* [WORK ITEM]: Go to the line below that contains "Transcribe the Devanagari". From there to the end of the records, reproduce each line exactly, except the pictures.

Extracted records
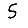
Digit: 5
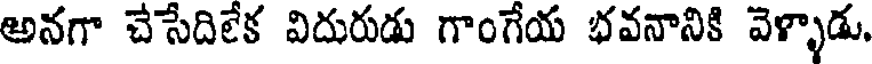
అనగా చేసేదిలేక విదురుడు గాంగేయ భవనానికి వెళ్ళాడు.
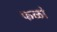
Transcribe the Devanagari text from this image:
फळां
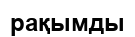
рақымды
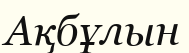
Ақбұлын
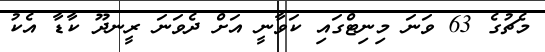
މެޗުގެ 63 ވަަނަ މިނިޓްގައި ކަވާނީ އަށް ދެވަނަ ރީނދޫ ކާޑާ އެކު
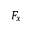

* [ANSWER SECTION]:
Transcribe the Devanagari text from this image:
फळां
рақымды
Ақбұлын
މެޗުގެ 63 ވަަނަ މިނިޓްގައި ކަވާނީ އަށް ދެވަނަ ރީނދޫ ކާޑާ އެކު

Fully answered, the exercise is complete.